The [Tuesday] Papers
By Steve Rhodes
Boy, the morning has really gotten away from me. No time to fill out the rest of the site the way I had expected to, so lots of goodies coming tomorrow and the rest of the week.
But our sports section continues its impressive roll.
"First and foremost and forevermore it must be noted that Bears special teams guru Dave Toub can coach a return," Jim Coffman writes in SportsTuesday. "Can he ever!
"It is hard to imagine a team putting together a better game's worth of kick-receiving than did the Bears Sunday. It was the difference, plain and simple, in a game that otherwise would have been very close, no matter how much the defense (led by a great performance by Brown, Ogunleye and Anderson) bounced back in the second half and no matter how many points the offense scored."
"And now the expectations are back to 'they suck and need a new manager'," Marty Gangler writes in The Cub Factor. "I can totally handle that. It's my comfort zone; my groove. I'm better off. Because expecting them to win is like waiting for the Christmas that never comes. Like what if you just know that Santa is going to bring you that new bike this year and you are super pumped. Your dad is dropping hints about how he talked to Santa around Thanksgiving and that they had a conversation about a certain chrome alloy frame and yellow mag wheels. And then Christmas morning your mom and dad decide that your family no longer celebrates holidays. It's like that for Cub Fans. It's the Christmas that never comes. But who knows, you're dad might change his mind next year."

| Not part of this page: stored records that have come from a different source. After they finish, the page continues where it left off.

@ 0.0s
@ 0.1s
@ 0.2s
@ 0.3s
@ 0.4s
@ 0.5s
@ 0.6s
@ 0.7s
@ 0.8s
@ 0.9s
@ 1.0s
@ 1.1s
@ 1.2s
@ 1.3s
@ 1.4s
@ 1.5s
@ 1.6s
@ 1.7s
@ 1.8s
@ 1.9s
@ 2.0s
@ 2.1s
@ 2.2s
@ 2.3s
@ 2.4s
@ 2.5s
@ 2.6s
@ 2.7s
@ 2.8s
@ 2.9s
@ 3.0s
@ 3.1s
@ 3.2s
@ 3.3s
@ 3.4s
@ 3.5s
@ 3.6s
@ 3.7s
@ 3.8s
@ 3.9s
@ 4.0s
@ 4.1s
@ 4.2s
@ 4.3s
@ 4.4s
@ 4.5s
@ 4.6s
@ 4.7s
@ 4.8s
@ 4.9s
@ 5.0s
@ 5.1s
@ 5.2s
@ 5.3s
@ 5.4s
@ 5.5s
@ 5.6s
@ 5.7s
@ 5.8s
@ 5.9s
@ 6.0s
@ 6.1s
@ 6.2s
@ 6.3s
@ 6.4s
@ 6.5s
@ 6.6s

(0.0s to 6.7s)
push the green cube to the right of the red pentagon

"Even if BYU pulls together for a run through TCU and the remainder of the schedule, they close the year at home with the Holy War," Mike Luce writes in The College Football Report. "Yes, the BYU-Utah rivalry is known as The Holy War. That game will also be known as the 2009 Lock of the Year. Bet on the Mormons - you can't lose."

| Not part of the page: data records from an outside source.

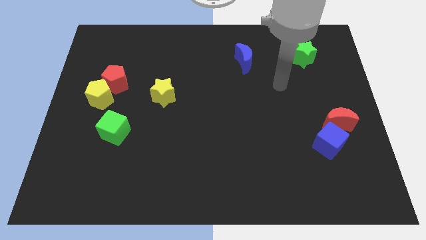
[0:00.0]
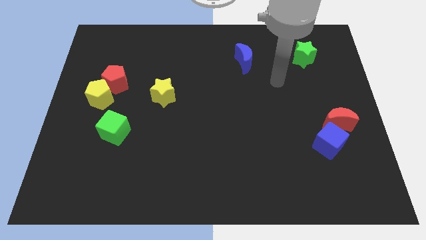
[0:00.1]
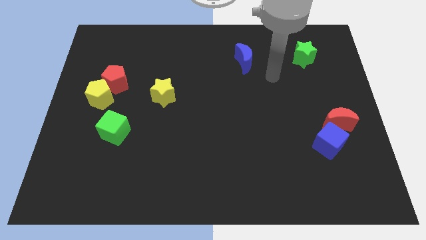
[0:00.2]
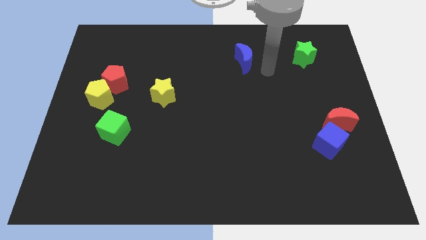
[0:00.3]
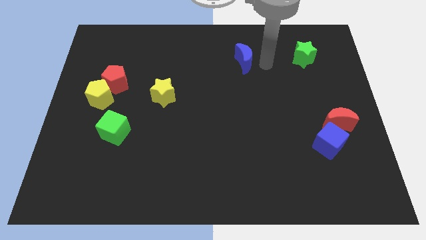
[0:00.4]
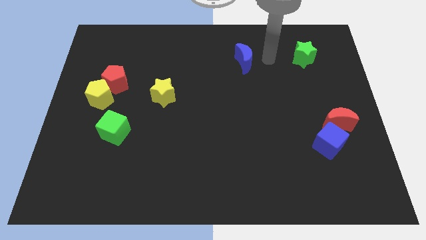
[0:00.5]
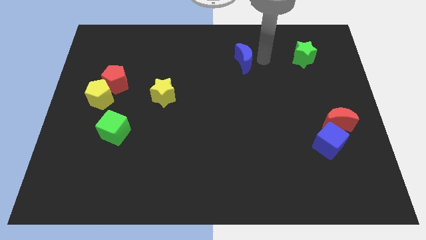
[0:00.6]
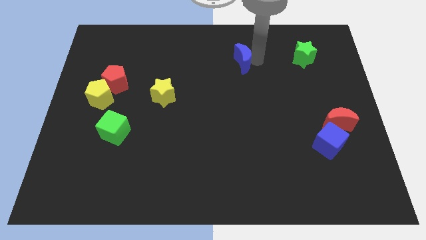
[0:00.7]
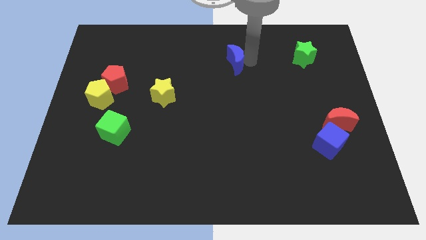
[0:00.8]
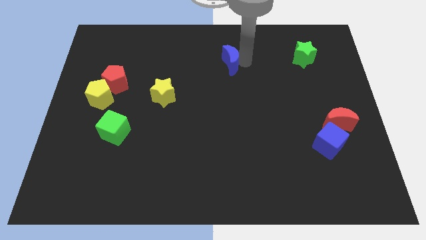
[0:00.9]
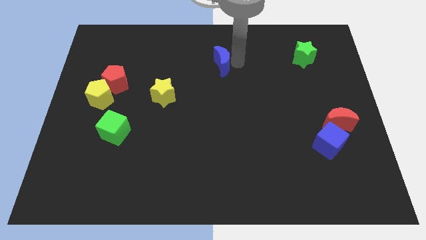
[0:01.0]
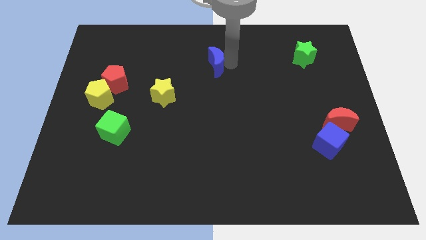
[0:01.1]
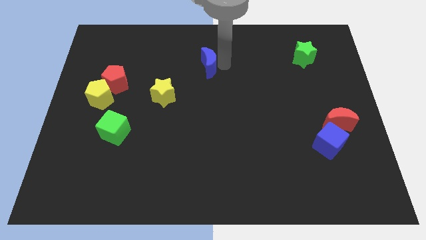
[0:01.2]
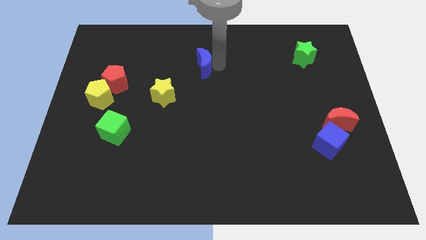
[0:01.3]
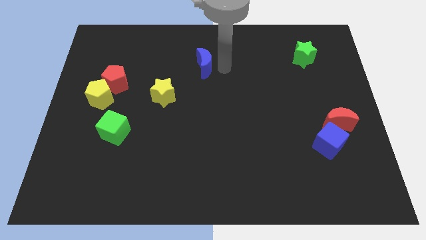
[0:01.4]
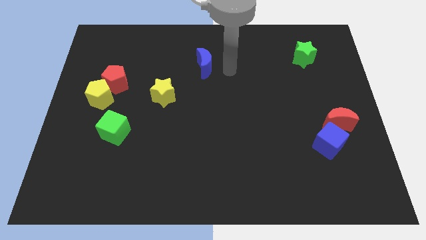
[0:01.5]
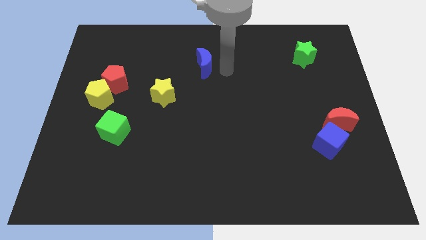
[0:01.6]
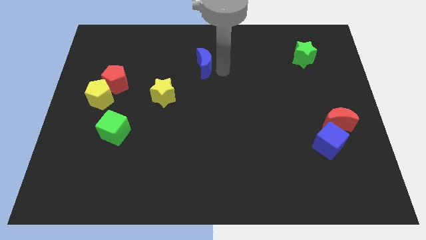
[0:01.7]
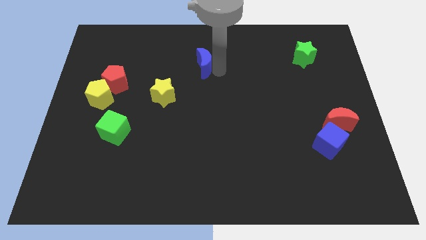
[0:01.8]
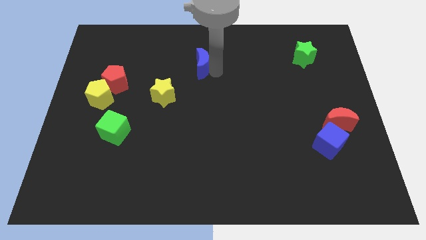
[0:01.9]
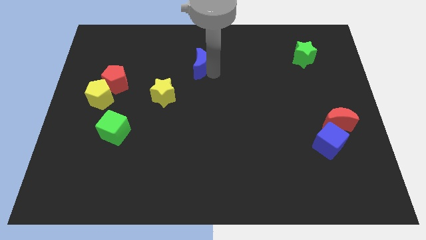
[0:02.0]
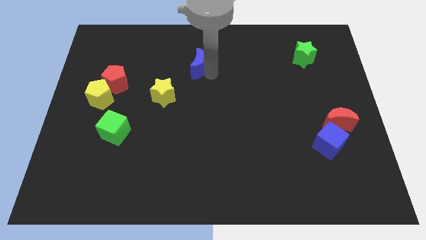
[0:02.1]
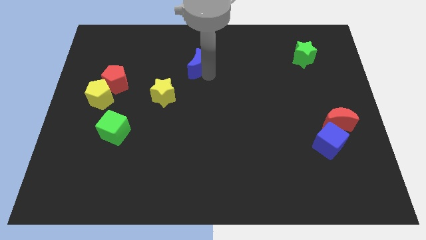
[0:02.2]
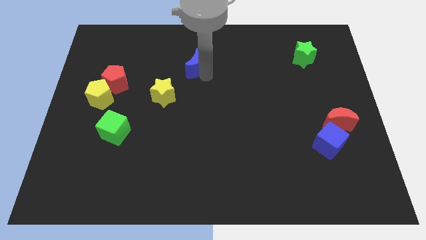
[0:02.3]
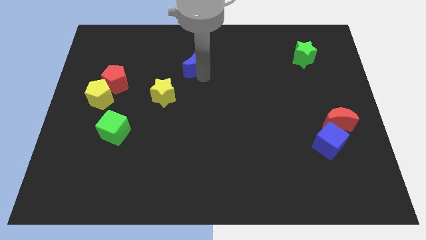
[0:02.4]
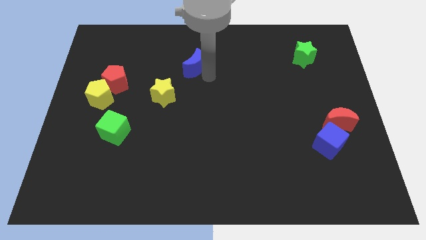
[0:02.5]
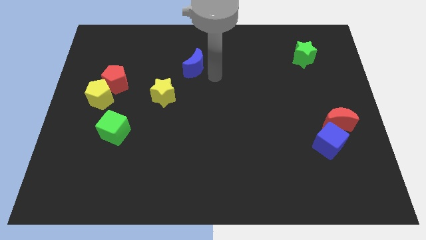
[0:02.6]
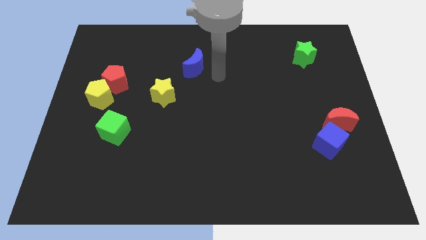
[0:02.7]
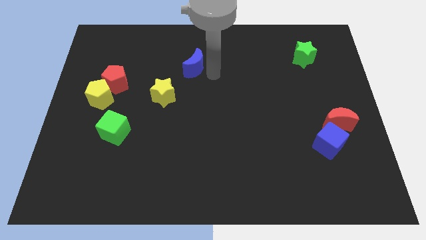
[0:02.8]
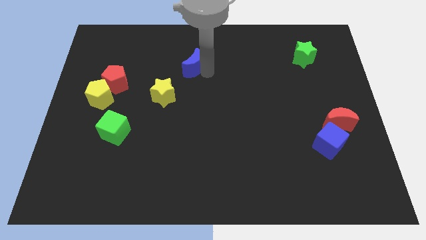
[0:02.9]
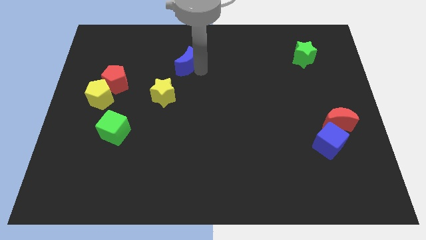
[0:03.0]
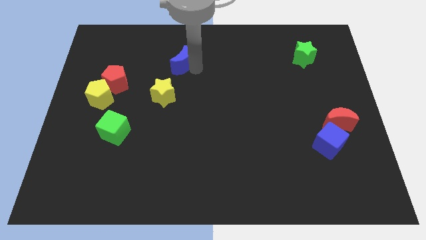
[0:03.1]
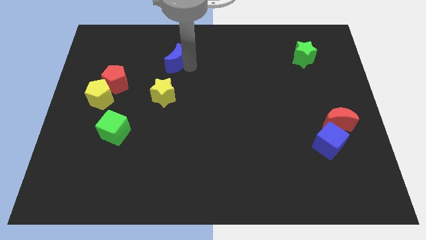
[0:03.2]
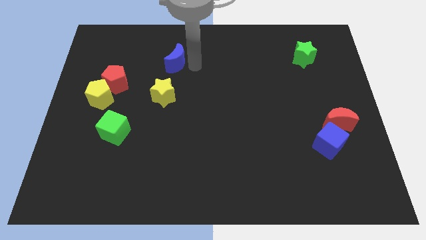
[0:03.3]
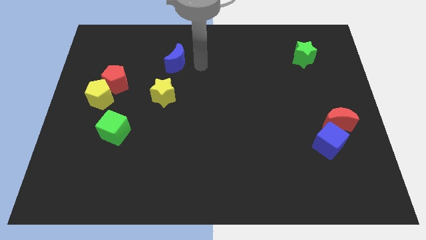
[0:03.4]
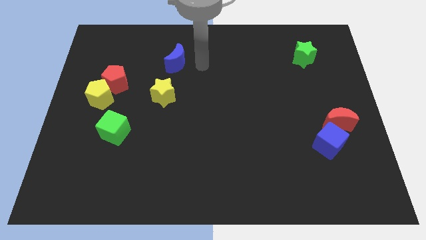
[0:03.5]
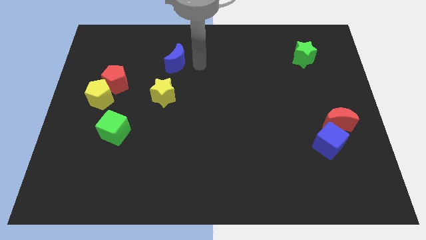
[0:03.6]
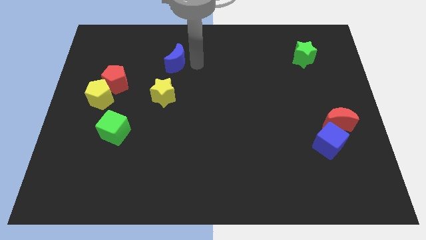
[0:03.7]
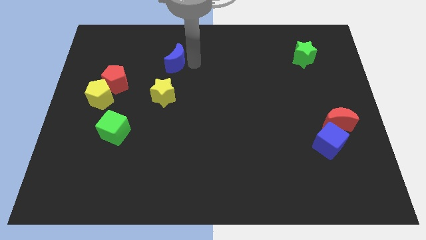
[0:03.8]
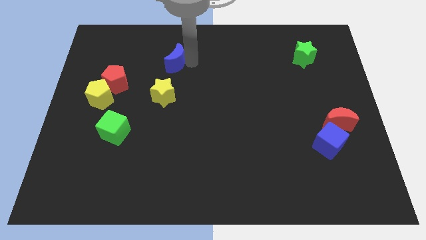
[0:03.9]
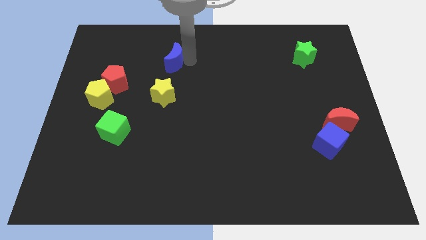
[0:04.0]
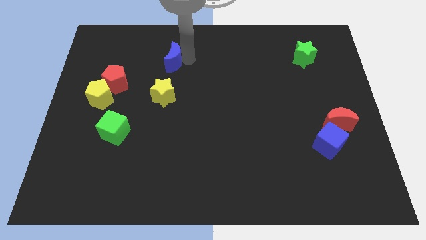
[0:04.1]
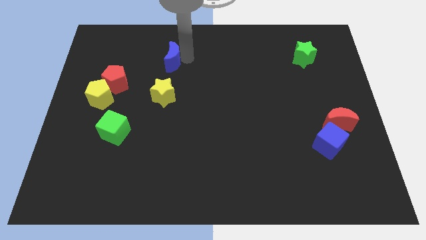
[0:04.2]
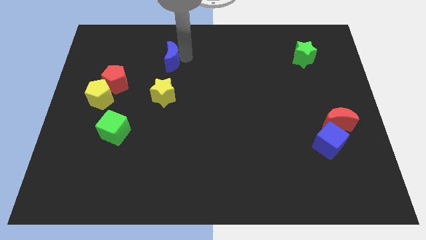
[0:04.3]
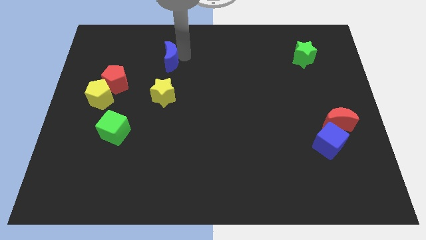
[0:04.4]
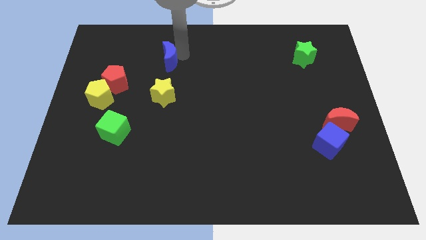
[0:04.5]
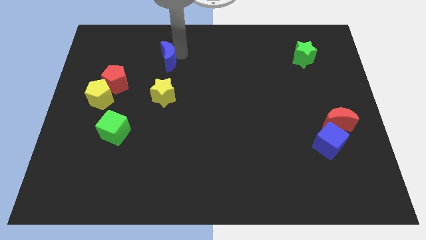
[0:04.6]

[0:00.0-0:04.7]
slide the blue moon to the left

What of Washington Park Now?
"I thought one of the most understated but effective rebukes to the Olympic hedgemony was in Blair Kamin's column in the Sunday Tribune. He simply took the Green Line to 51st St. and described the immediate area near Washington Park. Then he posed a simple question: If Washington Park was a jewel of greenspace when designed by Fredrick Law Olmstead, why has it been allowed to decline so? Where, Mr. Mayor, is the pressure you put on private money to build Millennium Park on top of railroad yard and why won't you do the same thing for this part of the city?"
From Kamin's piece:
"On Wednesday, anticipating that Chicago might get the nod from the International Olympic Committee, I took the Chicago Transit Authority's Green Line from the Loop down to the 51st Street station, a few blocks from the stadium site in Washington Park.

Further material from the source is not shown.